Research Employs Virtual Reality to Help Students Analyze Protein Structures.
Francis Yoshimoto’s Biochemistry II laboratory students were able to explore proteins in a unique way by utilizing virtual reality headsets in UTSA’s VizLab. Image Credit: University of Texas at San Antonio.

Yoshimoto’s students set up the virtual reality (VR) headsets using the Department of Computer Science’s VizLab.

Students used typical computer applications to create snapshots of a protein, such as Chimera or Pymol, and then proceeded to the same section of the protein in ProteinVR, a web-based molecular visualization program that allows users to see proteins using a VR headset.

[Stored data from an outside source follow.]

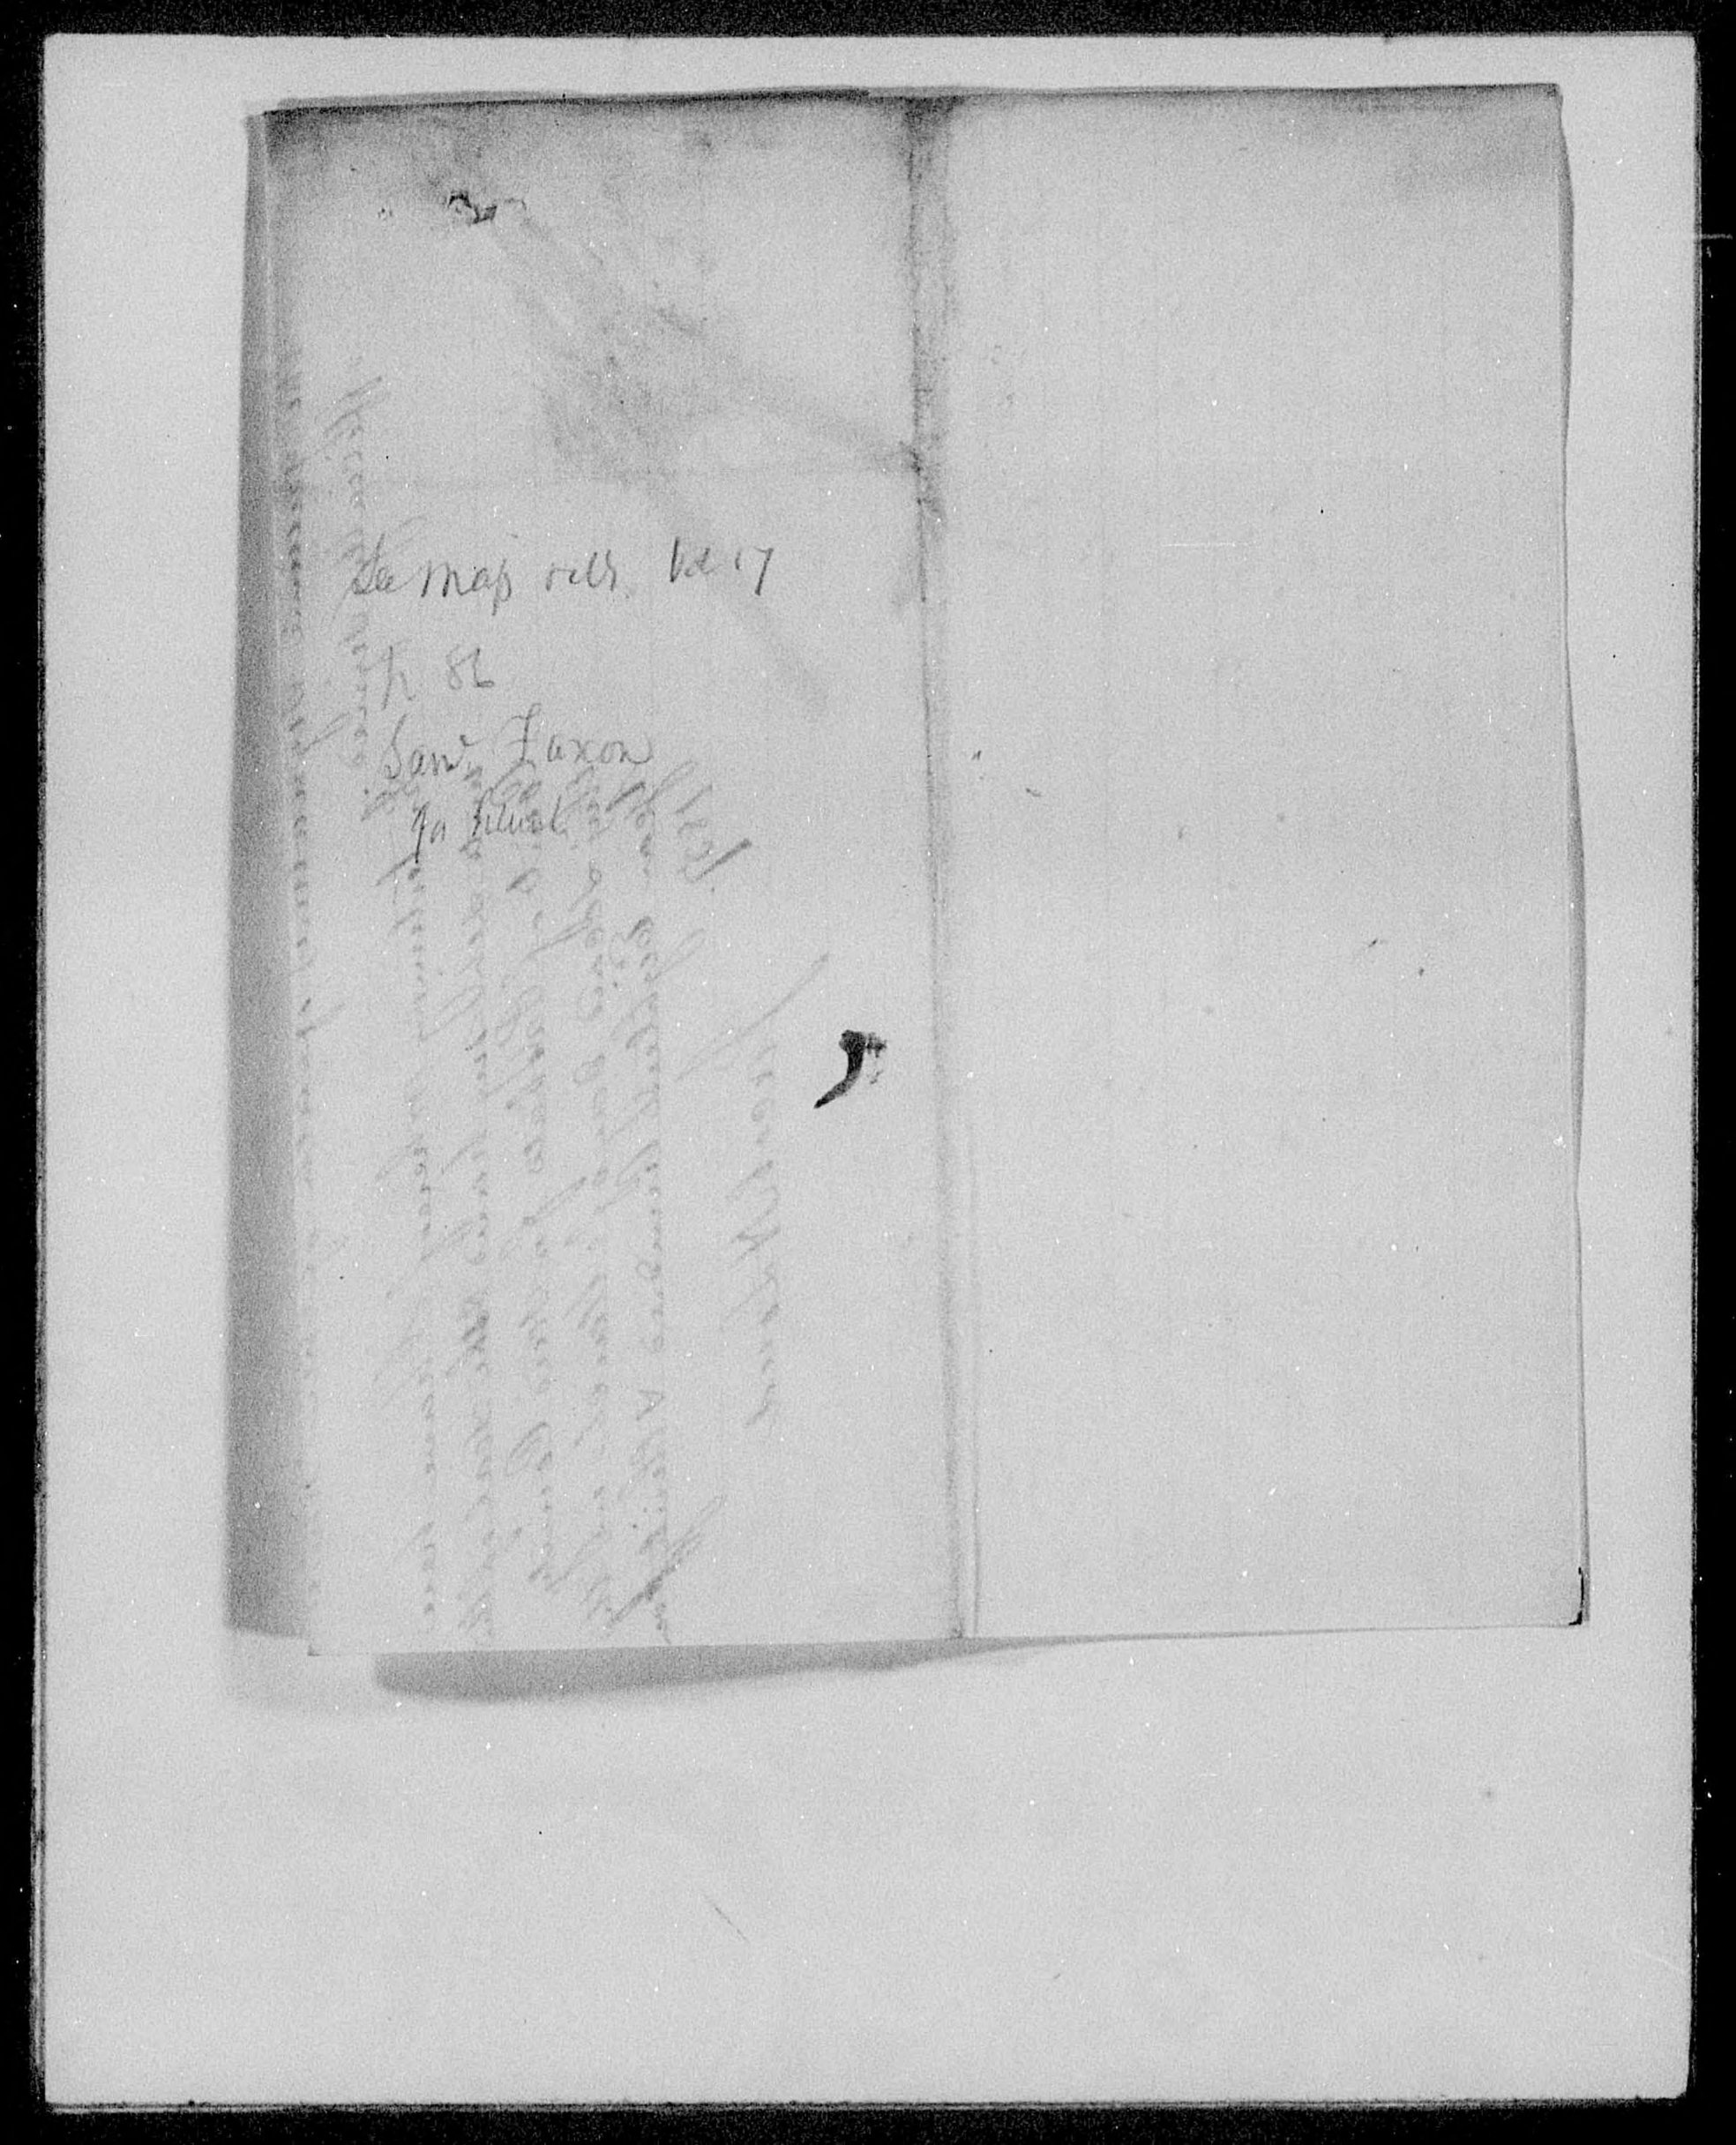See Mass roll Vol 17

n 86
Saml Faxon
[illegible]

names: Saml Faxon
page: 31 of 47
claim: widow's
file: W. 14703, Elisha Faxon, Mass

After comparing the two photos, the students used the protein databank to find other human health-related proteins, such as the SARS CoV-2 spike protein, which the coronavirus utilizes to infect human cells.

Students learned about protein structures using 3D VR headsets, which immersed them in a unique learning experience. Students could alter their viewing angles of the protein and traverse forward and backward using the joystick on the Oculus hand controller while using the ProteinVR viewer with the Oculus headset.

Students could travel inside the protein by wearing the headset. They could simply bend their heads while wearing the headset and continue to go forward and backward with the joystick if they wished to move in a different direction around the protein.

For over 15 years, I have been looking at proteins just on my computer screen. Putting a virtual reality headset on to go inside an actual protein was truly an eye-opening experience for both myself and my students.

Francis Yoshimoto, Assistant Professor, Department of Chemistry, University of Texas at San Antonio

Virtual reality is already being used in the biomedical field. It is being used to help pharmaceutical companies design unique medicines, which is a recent advancement in the development of new treatments.

Yoshimoto’s students were able to apply the knowledge they gained from the classroom in a way that applied to a future profession in biomedical research after being introduced to and trained in VR technology.

The project exemplifies UTSA’s dedication to programs that give students a better knowledge of the marketable skills they will need in the workplace and are especially crucial for historically underrepresented populations in connecting classroom success to life after graduation.